EU Official Labels Microsoft's Behavior Unacceptable
InfoWorldMike writes "EU commissioner Neelie Kroes has lashed out at Microsoft in comments to European parliamentarians Thursday, saying it is 'unacceptable' that the company continues to gain market share using tactics that were outlawed in the Commission's 2004 antitrust ruling against the software vendor. 'Three years later Microsoft still hasn't complied with the main demand imposed by the European antitrust ruling: that the company share interoperability information inside Windows at a reasonable price to allow rival makers of workgroup servers to build products that work properly with PCs running Windows.'"

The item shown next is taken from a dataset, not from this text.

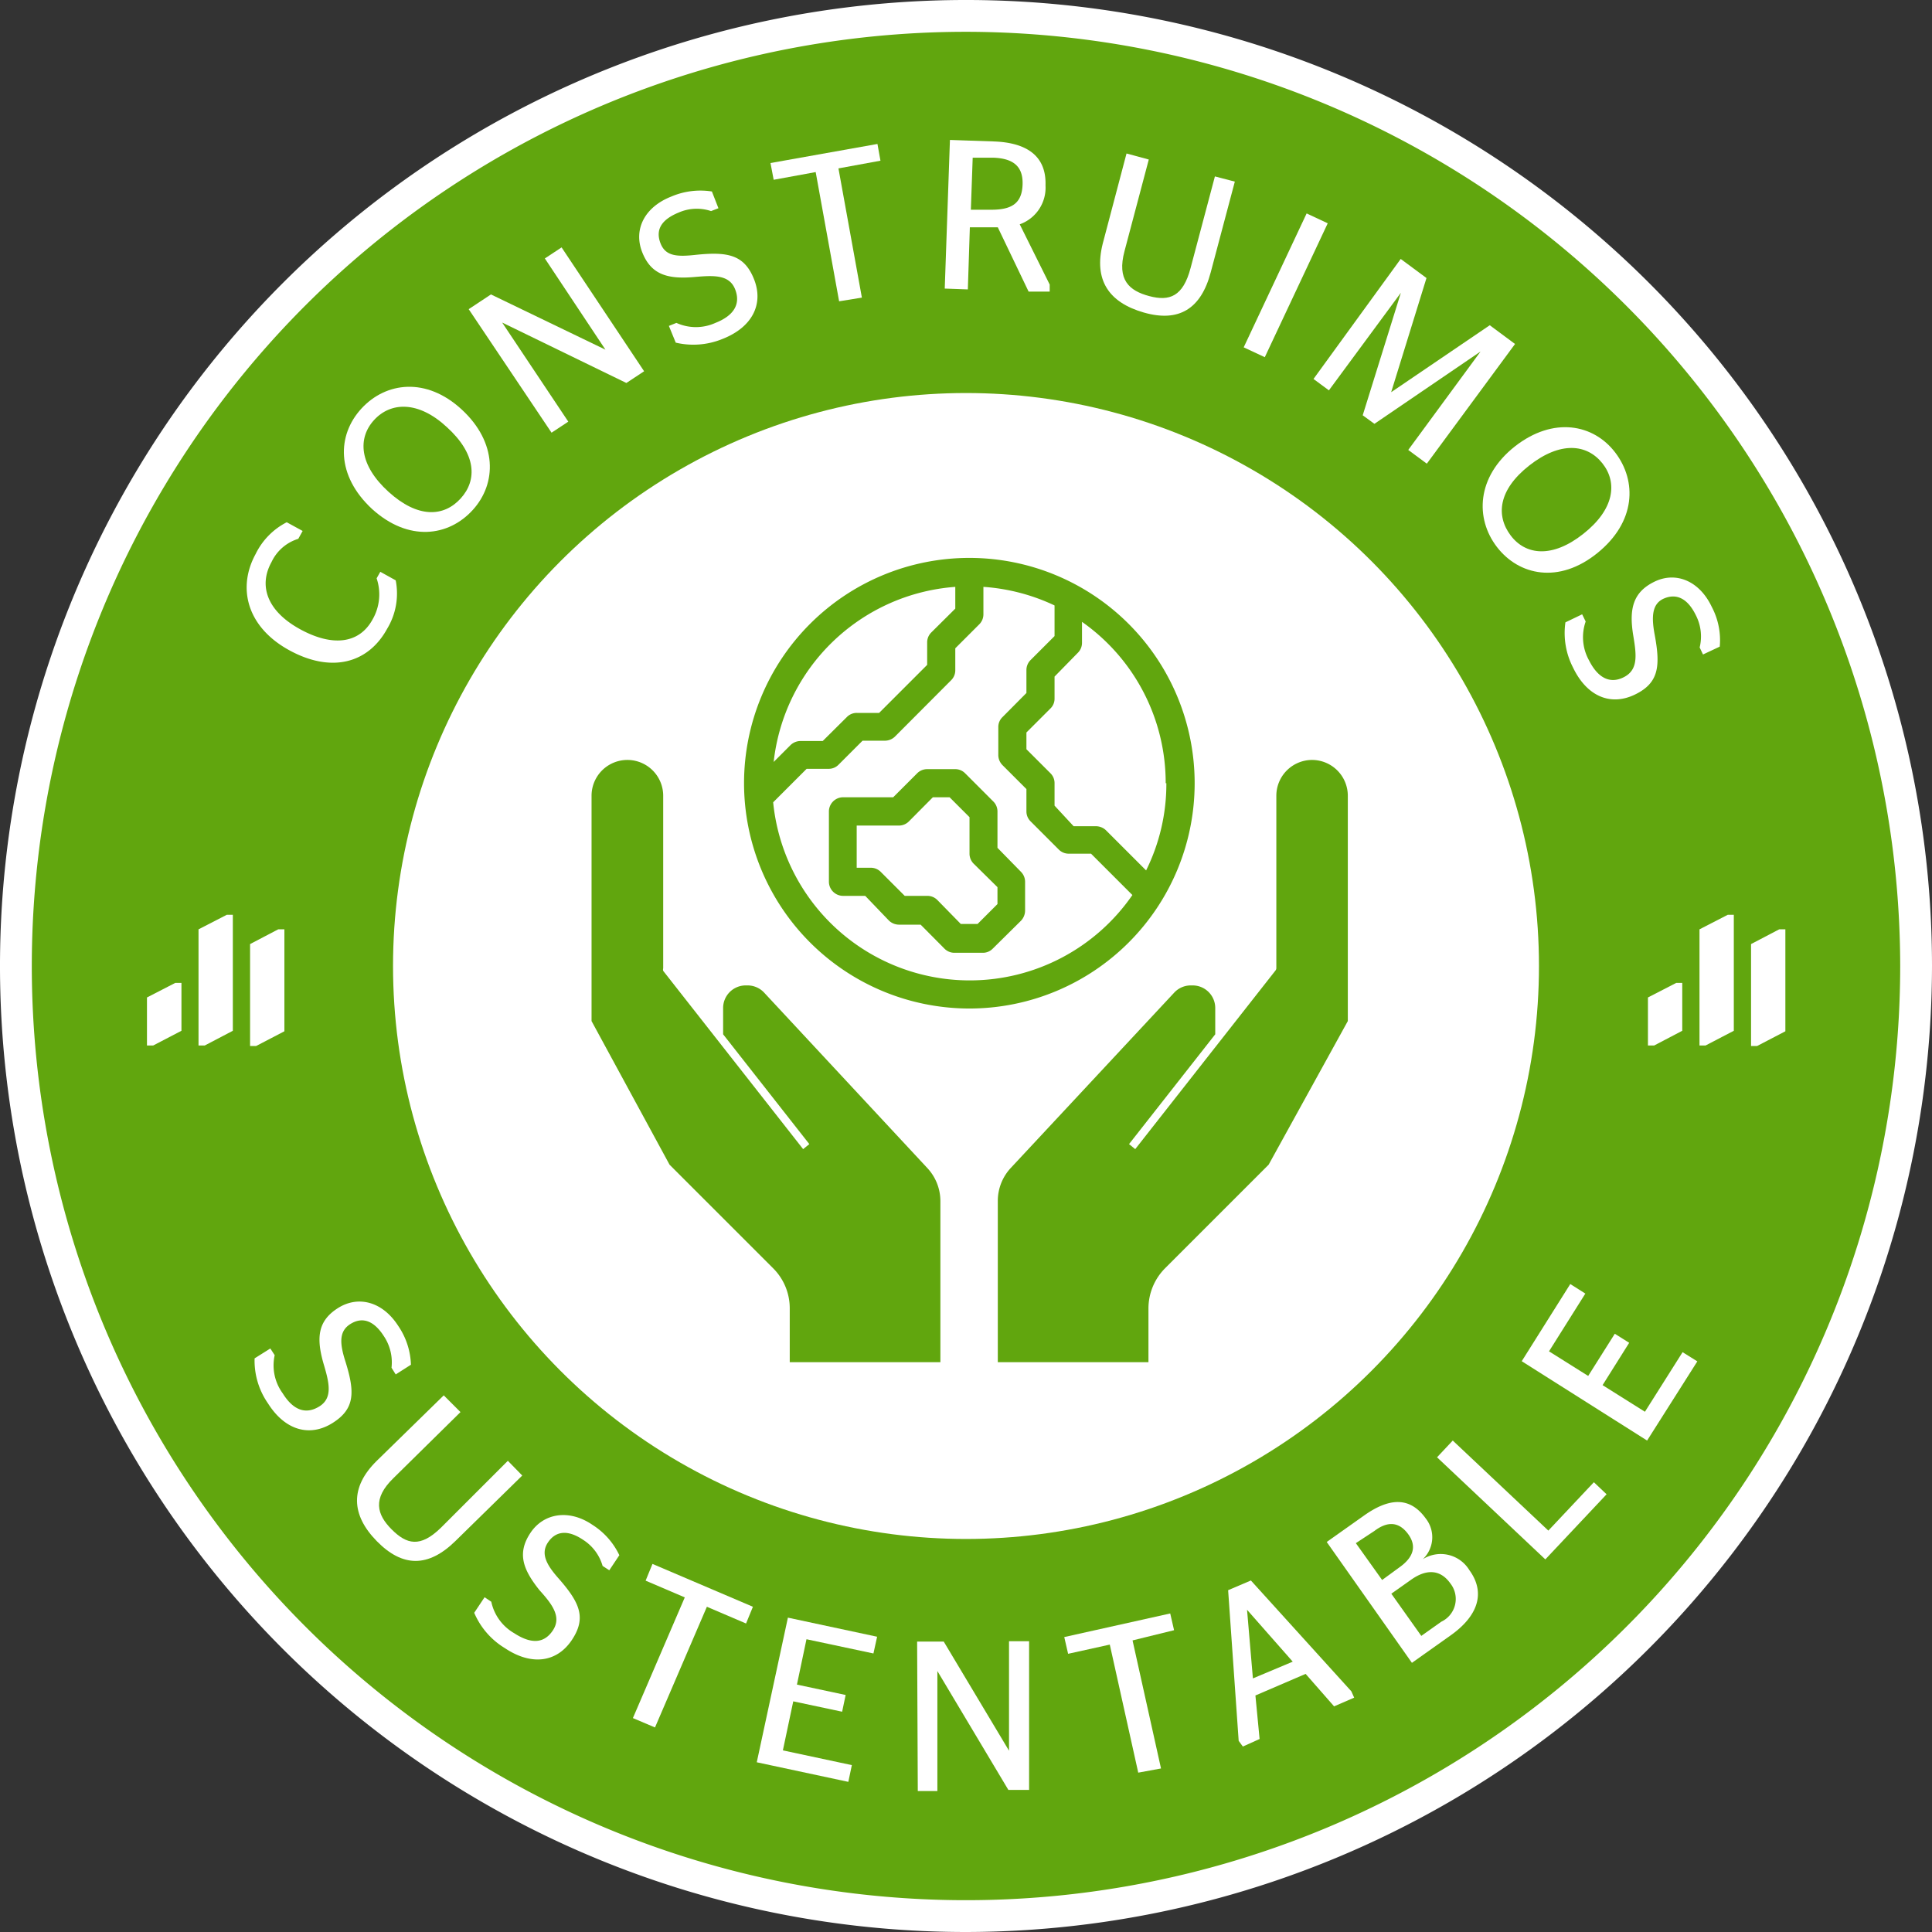 <svg xmlns="http://www.w3.org/2000/svg" viewBox="0 0 115.42 115.42"><rect x="0" y="0" width="115.42" height="115.42" fill="#333333" stroke="none"/><defs><style>.cls-1{fill:#61a60e;}.cls-2{fill:#fff;}</style></defs><g id="Capa_2" data-name="Capa 2"><g id="Capa_1-2" data-name="Capa 1"><circle class="cls-1" cx="57.71" cy="57.71" r="56.76"/><path class="cls-2" d="M57.71,115.42a57.71,57.71,0,1,1,57.71-57.71A57.78,57.78,0,0,1,57.71,115.42Zm0-113.52a55.81,55.81,0,1,0,55.81,55.81A55.87,55.87,0,0,0,57.71,1.9Z"/><circle class="cls-2" cx="57.71" cy="57.71" r="34.23"/><path class="cls-1" d="M57.91,60.25A13.46,13.46,0,1,0,44.45,46.79,13.47,13.47,0,0,0,57.91,60.25Zm0-1.68A11.8,11.8,0,0,1,46.19,47.93l2-2H49.5a.81.81,0,0,0,.59-.24l1.44-1.44h1.33a.87.87,0,0,0,.6-.24l3.36-3.37a.83.83,0,0,0,.25-.59V38.73L58.5,37.3a.84.84,0,0,0,.25-.6V35.06A11.81,11.81,0,0,1,63,36.17V38l-1.43,1.43a.84.84,0,0,0-.25.6V41.4l-1.43,1.44a.82.82,0,0,0-.25.59v1.68a.86.86,0,0,0,.25.6l1.43,1.43v1.34a.83.83,0,0,0,.25.59l1.68,1.68a.83.83,0,0,0,.59.25h1.34l2.47,2.47a11.8,11.8,0,0,1-9.69,5.1ZM69.68,46.79A11.64,11.64,0,0,1,68.47,52l-2.4-2.4a.87.87,0,0,0-.59-.24H64.14L63,48.13V46.79a.82.82,0,0,0-.24-.59l-1.44-1.44v-1l1.44-1.44a.81.81,0,0,0,.24-.59V40.42L64.39,39a.83.83,0,0,0,.25-.59V37.15a11.76,11.76,0,0,1,5,9.64ZM57.07,35.06v1.3l-1.44,1.43a.83.83,0,0,0-.24.6v1.33l-2.87,2.87H51.18a.82.82,0,0,0-.59.25l-1.44,1.43H47.82a.86.86,0,0,0-.6.25l-1,1A11.79,11.79,0,0,1,57.07,35.06Z"/><path class="cls-1" d="M59.59,50.65V48.48a.84.84,0,0,0-.25-.6L57.66,46.2a.82.82,0,0,0-.59-.25H55.39a.84.84,0,0,0-.6.25l-1.43,1.43h-3a.85.85,0,0,0-.84.85v4.2a.85.85,0,0,0,.84.84h1.33L53.11,55a.87.87,0,0,0,.59.24H55l1.43,1.44a.83.83,0,0,0,.6.24h1.68a.81.81,0,0,0,.59-.24L61,55a.89.89,0,0,0,.24-.6V52.68a.85.85,0,0,0-.24-.59Zm0,3.36L58.4,55.2h-1L56,53.77a.83.83,0,0,0-.59-.25H54.05l-1.43-1.43a.84.84,0,0,0-.6-.25h-.84V49.32H53.7a.84.84,0,0,0,.6-.25l1.43-1.44h1l1.19,1.19V51a.85.85,0,0,0,.24.59L59.59,53Z"/><path class="cls-1" d="M45.65,59.3a1.35,1.35,0,0,0-1-.43h-.11a1.35,1.35,0,0,0-1.34,1.35v1.57l5.15,6.56-.37.3L39.62,58a.27.27,0,0,1,0-.15V47.54a2.14,2.14,0,0,0-4.28,0V61L40,69.58l6.18,6.18a3.37,3.37,0,0,1,1,2.41v3.21h9V71.77a2.9,2.9,0,0,0-.79-2Z"/><path class="cls-1" d="M78.38,45.4a2.14,2.14,0,0,0-2.13,2.14v10.3a.24.24,0,0,1-.06.15L67.82,68.65l-.37-.3,5.15-6.56V60.22a1.35,1.35,0,0,0-1.35-1.35h-.1a1.35,1.35,0,0,0-1,.43L60.39,69.77a2.89,2.89,0,0,0-.78,2v9.61h9V78.17a3.41,3.41,0,0,1,1-2.41l6.18-6.18L80.52,61V47.54A2.14,2.14,0,0,0,78.38,45.4Z"/><path class="cls-2" d="M15.21,81.15l.94-.59.26.4a2.83,2.83,0,0,0,.48,2.28c.62,1,1.37,1.29,2.19.78s.58-1.44.25-2.55c-.45-1.56-.34-2.57.87-3.33s2.66-.38,3.59,1.07a4.35,4.35,0,0,1,.76,2.32l-.91.58-.25-.4a2.82,2.82,0,0,0-.46-1.89c-.61-.95-1.3-1.16-2-.72s-.63,1.19-.29,2.25c.56,1.8.58,2.81-.77,3.66s-2.83.46-3.86-1.17A4.47,4.47,0,0,1,15.21,81.15Z"/><path class="cls-2" d="M26.34,91.27l4-4,.86.88-4,3.92c-1.62,1.58-3.15,1.57-4.69,0s-1.61-3.22,0-4.8l4-3.91,1,1-4,3.94c-1.27,1.23-1,2.18-.11,3.07S25.1,92.48,26.34,91.27Z"/><path class="cls-2" d="M28.33,96.35l.62-.93.4.27a2.85,2.85,0,0,0,1.37,1.88c1,.65,1.78.63,2.31-.17S33,95.85,32.23,95c-1-1.25-1.34-2.21-.55-3.41S34,90.14,35.4,91.1A4.36,4.36,0,0,1,37,92.91l-.6.9L36,93.55A2.74,2.74,0,0,0,34.85,92c-.93-.63-1.65-.54-2.11.14s-.09,1.35.65,2.18c1.24,1.42,1.66,2.33.77,3.66s-2.4,1.55-4,.48A4.55,4.55,0,0,1,28.33,96.35Z"/><path class="cls-2" d="M37.81,102.64l3.1-7.21-2.34-1,.41-1,6,2.56-.41,1-2.34-1-3.1,7.21Z"/><path class="cls-2" d="M47.07,96.64l5.33,1.14-.22,1-4-.85-.57,2.71,2.91.62-.21,1-2.92-.62-.62,2.93,4.12.88-.21,1-5.47-1.17Z"/><path class="cls-2" d="M54.79,98.07h1.59l3.9,6.52h0l0-6.54h1.2l0,8.88H60.24L56,99.83h0L56,107H54.83Z"/><path class="cls-2" d="M68,105.9l-1.7-7.65-2.49.55-.23-1,6.33-1.41.23,1L67.66,98l1.7,7.65Z"/><path class="cls-2" d="M74,104,73.37,95l1.36-.58,6,6.62.17.38-1.2.52L78,100l-3,1.29.25,2.6-1,.45Zm.85-3.73,2.38-1-2.73-3.1h0Z"/><path class="cls-2" d="M79.26,92.12l2.23-1.58c1.48-1.05,2.73-1.16,3.69.18A1.81,1.81,0,0,1,85,93.15l0,0a2,2,0,0,1,2.78.65c1,1.37.49,2.75-1.09,3.88l-2.34,1.66Zm4.35,1.51c.8-.57,1.07-1.24.5-2s-1.26-.73-2-.17L81,92.19l1.57,2.2Zm2.5,3.25a1.5,1.5,0,0,0,.54-2.28c-.6-.85-1.44-.88-2.37-.21l-1.16.82,1.79,2.52Z"/><path class="cls-2" d="M92.32,93.16l-6.47-6.1.94-1,5.71,5.38,2.72-2.89.76.72Z"/><path class="cls-2" d="M90.91,81.32l2.9-4.61.9.57-2.17,3.45,2.34,1.47,1.59-2.52.86.54-1.59,2.53,2.53,1.59,2.25-3.56.88.55-3,4.73Z"/><path class="cls-2" d="M17.27,38.84c-2.51-1.38-3.11-3.71-2-5.74a4.19,4.19,0,0,1,1.86-1.9l.95.52-.26.47a2.61,2.61,0,0,0-1.6,1.39c-.78,1.41-.27,2.92,1.69,4s3.55.87,4.34-.56a3,3,0,0,0,.25-2.47l.22-.39.92.51a4.07,4.07,0,0,1-.51,2.89C22,39.63,19.8,40.23,17.27,38.84Z"/><path class="cls-2" d="M22.23,30.41c-2.16-2-2.1-4.41-.64-6s3.88-1.9,6,.06,2.1,4.41.65,6S24.4,32.38,22.23,30.41Zm4.47-4.89C25,23.94,23.35,24,22.35,25.09s-.89,2.7.86,4.29,3.3,1.51,4.31.4S28.45,27.11,26.7,25.52Z"/><path class="cls-2" d="M28,18.47l1.33-.88,6.84,3.3h0l-3.62-5.45,1-.66,4.93,7.4-1.06.7L30,19.27l0,0,3.95,5.92-1,.66Z"/><path class="cls-2" d="M40.37,20.47l-.41-1,.45-.18a2.82,2.82,0,0,0,2.33,0c1.07-.42,1.53-1.1,1.18-2s-1.3-.84-2.45-.74c-1.62.14-2.59-.16-3.11-1.5s.14-2.68,1.75-3.31a4.42,4.42,0,0,1,2.42-.3l.39,1-.44.17a2.69,2.69,0,0,0-1.94.09c-1,.41-1.39,1-1.09,1.81s1,.84,2.16.71c1.87-.19,2.86,0,3.44,1.47s-.1,2.86-1.89,3.56A4.59,4.59,0,0,1,40.37,20.47Z"/><path class="cls-2" d="M50.13,18l-1.4-7.72-2.51.46-.19-1L52.42,8.6l.18,1-2.51.46,1.4,7.72Z"/><path class="cls-2" d="M59.61,13.58H59.2l-1.26,0-.12,3.71-1.38-.05.31-8.88,2.62.09c2,.07,3.15.89,3.09,2.63a2.32,2.32,0,0,1-1.54,2.32L62.71,17v.42l-1.26,0ZM58,12.53l1.22,0c1.21,0,1.83-.37,1.87-1.5s-.6-1.57-1.76-1.61l-1.22,0Z"/><path class="cls-2" d="M71.13,16l1.45-5.46,1.19.31-1.44,5.42c-.58,2.19-1.91,3-4,2.4s-3-1.94-2.45-4.12L67.3,9.17l1.33.36L67.18,15c-.46,1.71.27,2.37,1.48,2.69S70.68,17.72,71.13,16Z"/><path class="cls-2" d="M74.3,20.75l3.76-8,1.26.59-3.76,8Z"/><path class="cls-2" d="M83.68,15.47l1.54,1.14-2.11,6.82h0l5.89-4,1.51,1.12-5.27,7.15-1.11-.82L88.45,21l0,0-6.34,4.32-.7-.51,2.28-7.32,0,0-4.3,5.83-.92-.68Z"/><path class="cls-2" d="M90.5,26.67c2.3-1.8,4.7-1.34,6,.37s1.23,4.14-1.07,6-4.69,1.34-6-.36S88.2,28.49,90.5,26.67Zm4.08,5.23c1.86-1.46,2.07-3.06,1.15-4.22s-2.51-1.33-4.37.13-2,3-1.11,4.18S92.73,33.36,94.58,31.9Z"/><path class="cls-2" d="M93.52,37.18l1-.48.21.43a2.84,2.84,0,0,0,.2,2.32c.5,1,1.22,1.45,2.09,1s.74-1.35.55-2.5c-.26-1.6,0-2.58,1.27-3.2s2.68-.06,3.42,1.5a4.26,4.26,0,0,1,.48,2.38l-1,.47-.2-.42a2.77,2.77,0,0,0-.23-1.93c-.49-1-1.15-1.31-1.89-1s-.77,1.11-.56,2.21c.34,1.85.24,2.85-1.2,3.54s-2.86.11-3.69-1.63A4.5,4.5,0,0,1,93.52,37.18Z"/><polygon class="cls-2" points="100.5 58.72 100.14 58.72 98.45 59.59 98.45 62.46 98.82 62.46 100.5 61.58 100.5 58.72"/><polygon class="cls-2" points="103.58 54.65 103.22 54.65 101.53 55.52 101.53 62.46 101.89 62.46 103.58 61.58 103.58 54.65"/><polygon class="cls-2" points="106.66 55.52 106.29 55.52 104.61 56.4 104.61 62.49 104.97 62.49 106.66 61.61 106.66 55.52"/><polygon class="cls-2" points="10.84 58.72 10.47 58.72 8.78 59.59 8.78 62.46 9.15 62.46 10.84 61.58 10.84 58.72"/><polygon class="cls-2" points="13.91 54.65 13.55 54.65 11.86 55.52 11.86 62.46 12.23 62.46 13.91 61.58 13.91 54.65"/><polygon class="cls-2" points="16.99 55.52 16.62 55.52 14.94 56.4 14.94 62.49 15.3 62.49 16.99 61.61 16.99 55.52"/></g></g></svg>

...and until someone actually gets serious and imposes a penalty against them that will actually induce them to change their behavior, like preventing them from selling their products until they comply, this is what's going to continue to happen.
"You're right," Fisheye says. "I should have set it on 'whip' or 'chop.'"
Why is it that only Europe is standing up to them?
I mean, who do the EU think they are, forcing an Ireland-based company like Microsoft to comply with EU laws!
...
Next thing you know they'll fine them - again - for beaucoup Euros
-- Tigger warning: This post may contain tiggers! --
> Let the marketplace decide...
Firstly you need a competitive market for that to work, that's why we have competition laws. Secondly, this idea that free markets are some democratizing force is total bullshit.
HTH.
I think it is impossible to comply unless MS opens source code to share.
Slashdot = Sarcasm
Because they don't have any successful tech companies of their own to boss around?
...
Hmmm. I'll just ignore all the medical genetics, biochemistry, and biotech labs running Mandriva and SuSe then, shall I?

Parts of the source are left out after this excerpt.